Biden’s tax plan aims to raise $2.5 trillion and end profit-shifting
By Jim Tankersley and Alan Rappeport
Large companies like Apple and Bristol Myers Squibb have long employed complicated maneuvers to reduce or eliminate their tax bills by shifting income on paper between countries. The strategy has enriched accountants and shareholders, while driving down corporate tax receipts for the federal government.
President Joe Biden sees ending that practice as central to his $2 trillion infrastructure package, pushing changes to the tax code that his administration says will ensure American companies are contributing tax dollars to help invest in the country’s roads, bridges, water pipes and other parts of his economic agenda.
On Wednesday, the Treasury Department released the details of Biden’s tax plan, which aims to raise as much as $2.5 trillion over 15 years to help finance the infrastructure proposal. That includes bumping the corporate tax rate to 28% from 21%, imposing a strict new minimum tax on global profits and levying harsh penalties on companies that try to move profits offshore.
The plan also aims to stop big companies that are profitable but have no federal income tax liability from paying no taxes to the Treasury Department by imposing a 15% tax on the profits they report to investors.

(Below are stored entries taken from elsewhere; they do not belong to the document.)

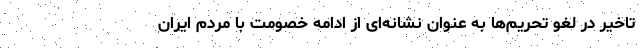
تاخیر در لغو تحریم‌ها به عنوان نشانه‌ای از ادامه خصومت با مردم ایران
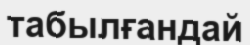
табылғандай
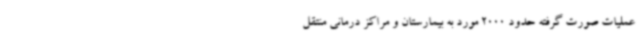
عملیات صورت گرفته حدود 2000 مورد به بیمارستان و مراکز درمانی منتقل
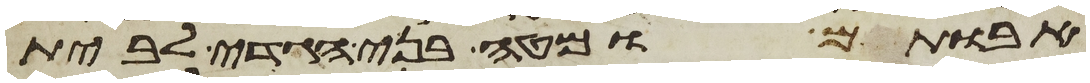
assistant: אבותם ומטה בני הגדי לבית
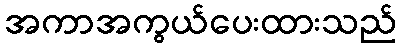
အကာအကွယ်ပေးထားသည်
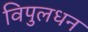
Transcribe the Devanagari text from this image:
विपुलधन
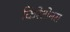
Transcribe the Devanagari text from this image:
किरेटोनस
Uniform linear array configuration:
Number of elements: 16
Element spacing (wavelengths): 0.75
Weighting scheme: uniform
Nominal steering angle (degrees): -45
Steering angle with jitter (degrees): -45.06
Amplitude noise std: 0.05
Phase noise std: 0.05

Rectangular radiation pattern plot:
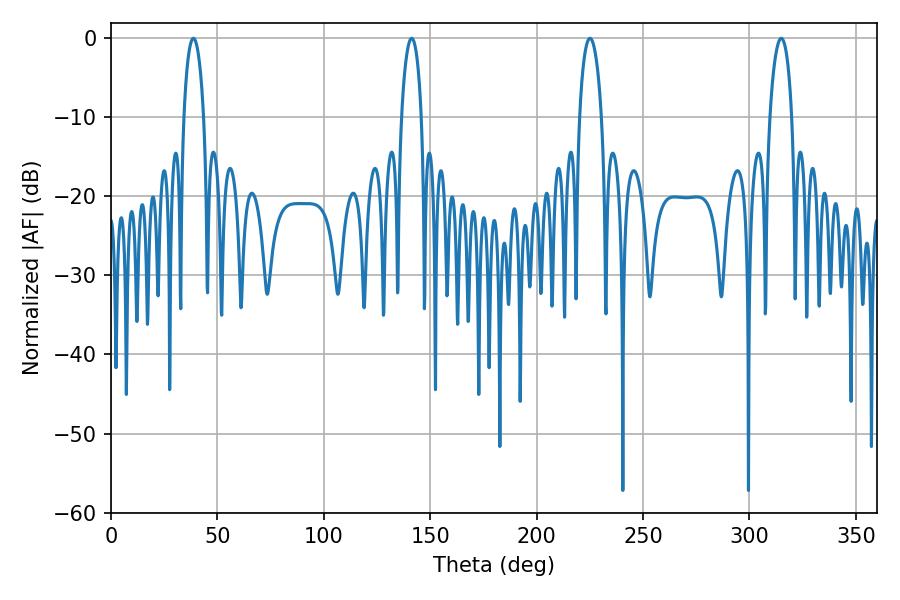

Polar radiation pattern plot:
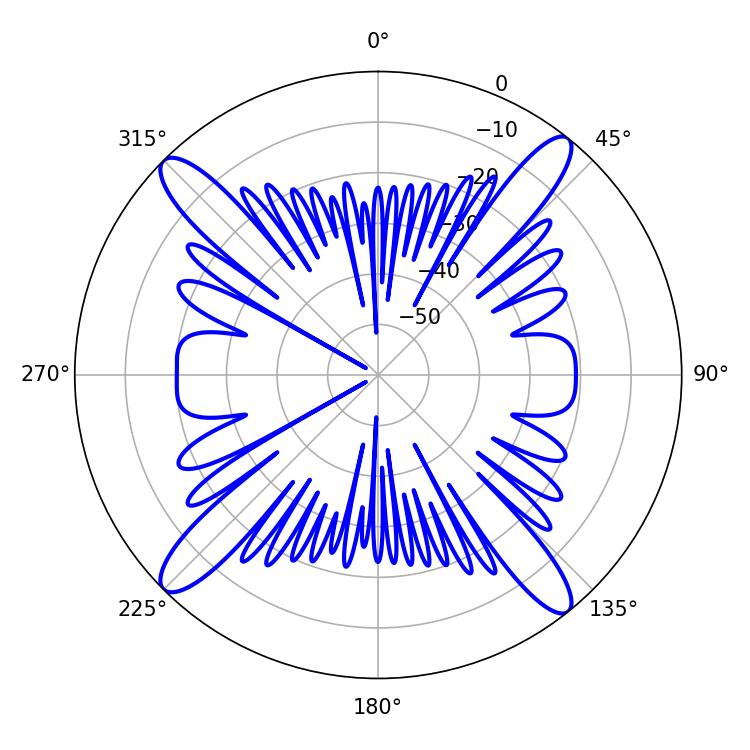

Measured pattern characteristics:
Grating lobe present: TRUE
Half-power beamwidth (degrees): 5.22
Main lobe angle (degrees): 38.7
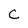
Character: C
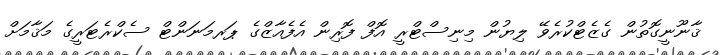
ޤާނޫނީގޮތުން ގެޒެޓްކުރެވޭ ލިޔުން މިނިސްޓްރީ އޮފް ފޮރިން އެފެއާޒްގެ ޕަރމަނަންޓް ސެކްރެޓަރީގެ މަޤާމަށް
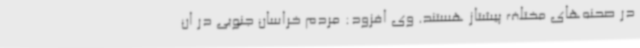
در صحنه‌های مختلف پیشتاز هستند. وی افزود: مردم خراسان جنوبی در ان
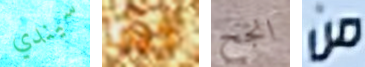
سيندي كيف انجح من
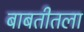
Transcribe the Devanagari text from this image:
बाबतीतला
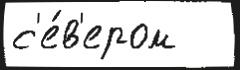
с'е́в'ером
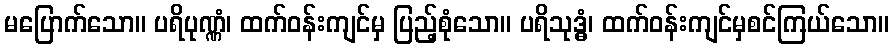
မပြောက်သော။ ပရိပုဏ္ဏံ၊ ထက်ဝန်းကျင်မှ ပြည့်စုံသော။ ပရိသုဒ္ဓံ၊ ထက်ဝန်းကျင်မှစင်ကြယ်သော။
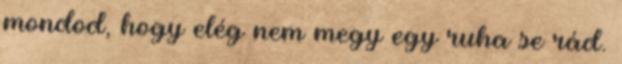
mondod, hogy elég nem megy egy ruha se rád.
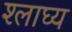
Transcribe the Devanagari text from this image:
श्लाघ्य
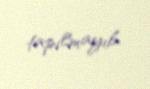
tapılmayıb.
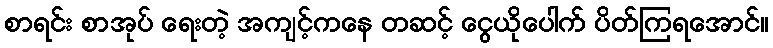
စာရင်း စာအုပ် ရေးတဲ့ အကျင့်ကနေ တဆင့် ငွေယိုပေါက် ပိတ်ကြရအောင်။
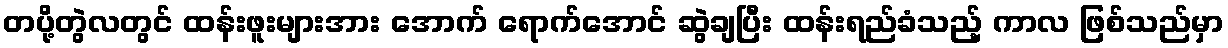
တပို့တွဲလတွင် ထန်းဖူးများအား အောက် ရောက်အောင် ဆွဲချပြီး ထန်းရည်ခံသည့် ကာလ ဖြစ်သည်မှာ
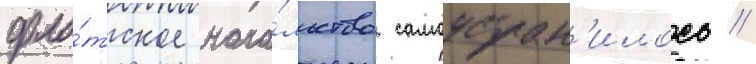
фло́тское нача́льство самоустран'илось //
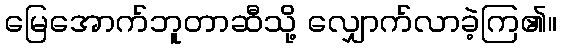
မြေအောက်ဘူတာဆီသို့ လျှောက်လာခဲ့ကြ၏။

Such a change would affect about 45 corporations, according to the Biden administration’s estimates, because it would be limited to companies earning $2 billion or more per year.

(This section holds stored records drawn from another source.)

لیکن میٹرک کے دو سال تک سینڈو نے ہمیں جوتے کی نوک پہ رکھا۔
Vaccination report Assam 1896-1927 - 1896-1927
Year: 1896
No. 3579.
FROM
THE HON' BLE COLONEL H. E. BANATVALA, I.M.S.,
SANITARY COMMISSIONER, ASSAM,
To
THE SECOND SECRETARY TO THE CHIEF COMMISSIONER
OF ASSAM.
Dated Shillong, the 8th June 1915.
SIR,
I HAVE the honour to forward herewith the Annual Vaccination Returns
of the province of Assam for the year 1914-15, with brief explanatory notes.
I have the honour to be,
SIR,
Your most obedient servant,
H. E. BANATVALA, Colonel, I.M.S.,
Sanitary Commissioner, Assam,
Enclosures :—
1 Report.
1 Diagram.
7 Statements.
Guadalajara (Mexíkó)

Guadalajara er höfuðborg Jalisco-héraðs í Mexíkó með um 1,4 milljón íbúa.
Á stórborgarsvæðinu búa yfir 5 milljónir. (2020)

“Companies aren’t going to be able to hide their income in places like the Cayman Islands and Bermuda in tax havens,” Biden said Wednesday during remarks at the White House. He defended the tax increases as necessary to pay for infrastructure investments that America needs and to help reduce the federal deficit over the long term.
Still, his 15% tax is a narrower version of the one he proposed in the 2020 campaign that would have applied to companies with $100 million or more in profits per year.

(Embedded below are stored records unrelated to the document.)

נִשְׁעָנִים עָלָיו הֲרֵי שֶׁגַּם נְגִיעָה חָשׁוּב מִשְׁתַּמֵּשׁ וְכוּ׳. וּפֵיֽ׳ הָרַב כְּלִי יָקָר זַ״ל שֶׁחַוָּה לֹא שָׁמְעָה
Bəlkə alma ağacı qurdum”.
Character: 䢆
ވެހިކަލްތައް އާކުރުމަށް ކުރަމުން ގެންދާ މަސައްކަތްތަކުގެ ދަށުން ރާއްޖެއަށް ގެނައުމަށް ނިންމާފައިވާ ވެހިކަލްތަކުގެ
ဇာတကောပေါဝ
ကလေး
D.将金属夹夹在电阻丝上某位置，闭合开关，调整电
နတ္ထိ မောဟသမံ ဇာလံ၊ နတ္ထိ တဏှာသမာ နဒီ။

Biden’s proposals are a repudiation of Washington’s last big tax overhaul — President Donald Trump’s 2017 tax cuts. Biden administration officials say that law increased the incentives for companies to shift profits to lower-tax countries, while reducing corporate tax receipts in the United States to match their lowest levels as a share of the economy since World War II.
Treasury Secretary Janet Yellen, in rolling out the plan, said it would end a global “race to the bottom” of corporate taxation that has been destructive for the American economy and its workers.
“Our tax revenues are already at their lowest level in generations,” Yellen said. “If they continue to drop lower, we will have less money to invest in roads, bridges, broadband and R&D.”
At the core of the proposal is an attempt to rewrite decades of tax-code provisions that have encouraged and rewarded companies who stash profits overseas.
It would increase the rate of what is essentially a minimum tax on money American companies earn abroad, and it would apply that tax to a much broader selection of income. It would also eliminate lucrative tax deductions for foreign-owned companies that are based in low-tax countries — like Bermuda or Ireland — but have operations in the United States.”
“We are being quite explicit: We don’t think profit-shifting is advantageous from a U.S. perspective,” David Kamin, the deputy director of the National Economic Council, said in an interview. “It is a major problem,” he said, adding that with the proposed changes, “We have the opportunity to lead the world.”
The corporate income tax rate in the United States is currently 21%, but many large American companies pay effective tax rates that are much lower than that. Corporations that have operations in multiple countries often shift assets or income — sometimes in physical form, but other times, simply in their accountants’ books — between countries in search of the lowest possible tax bill.
Companies also shift jobs and investments between countries, but often for different reasons. In many cases, they are following lower labor costs or seeking customers in new markets to expand their businesses. The Biden plan would create new tax incentives for companies to invest in production and research in the United States.
Previous administrations have tried to curb the offshoring of jobs and profits. Trump’s tax cuts reduced the corporate rate to 21% from 35% in the hopes of encouraging more domestic investment. It established a global minimum tax for corporations based in the United States and a related effort meant to reduce profit-shifting by foreign companies with operations in the country, though both provisions were weakened by subsequent regulations issued by Trump’s Treasury Department.
Conservative tax experts, including several involved in writing the 2017 law, say they have seen no evidence of the law enticing companies to move jobs overseas. Biden has assembled a team of tax officials who contend the provisions have given companies new incentives to move investment and profits offshore.
Biden’s plan would raise the rate of Trump’s minimum tax and apply it more broadly to income that American companies earn overseas. Those efforts would try to make it less appealing for companies to book profits in lower-tax companies.
Neil Bradley, an executive vice president and the chief policy officer of the U.S. Chamber of Commerce, said in a statement on Wednesday that the proposal would “hurt American businesses and cost American jobs” and that it would hinder their ability to compete in a global economy.
Still, some companies expressed an openness to certain tax hikes.
John Zimmer, the president and a founder of Lyft, told CNN that he supported Biden’s proposed 28% corporate tax rate.
“I think it’s important to make investments again in the country and the economy,” Zimmer said. “And as the economy grows, so too does jobs and so too does people’s needs to get around.”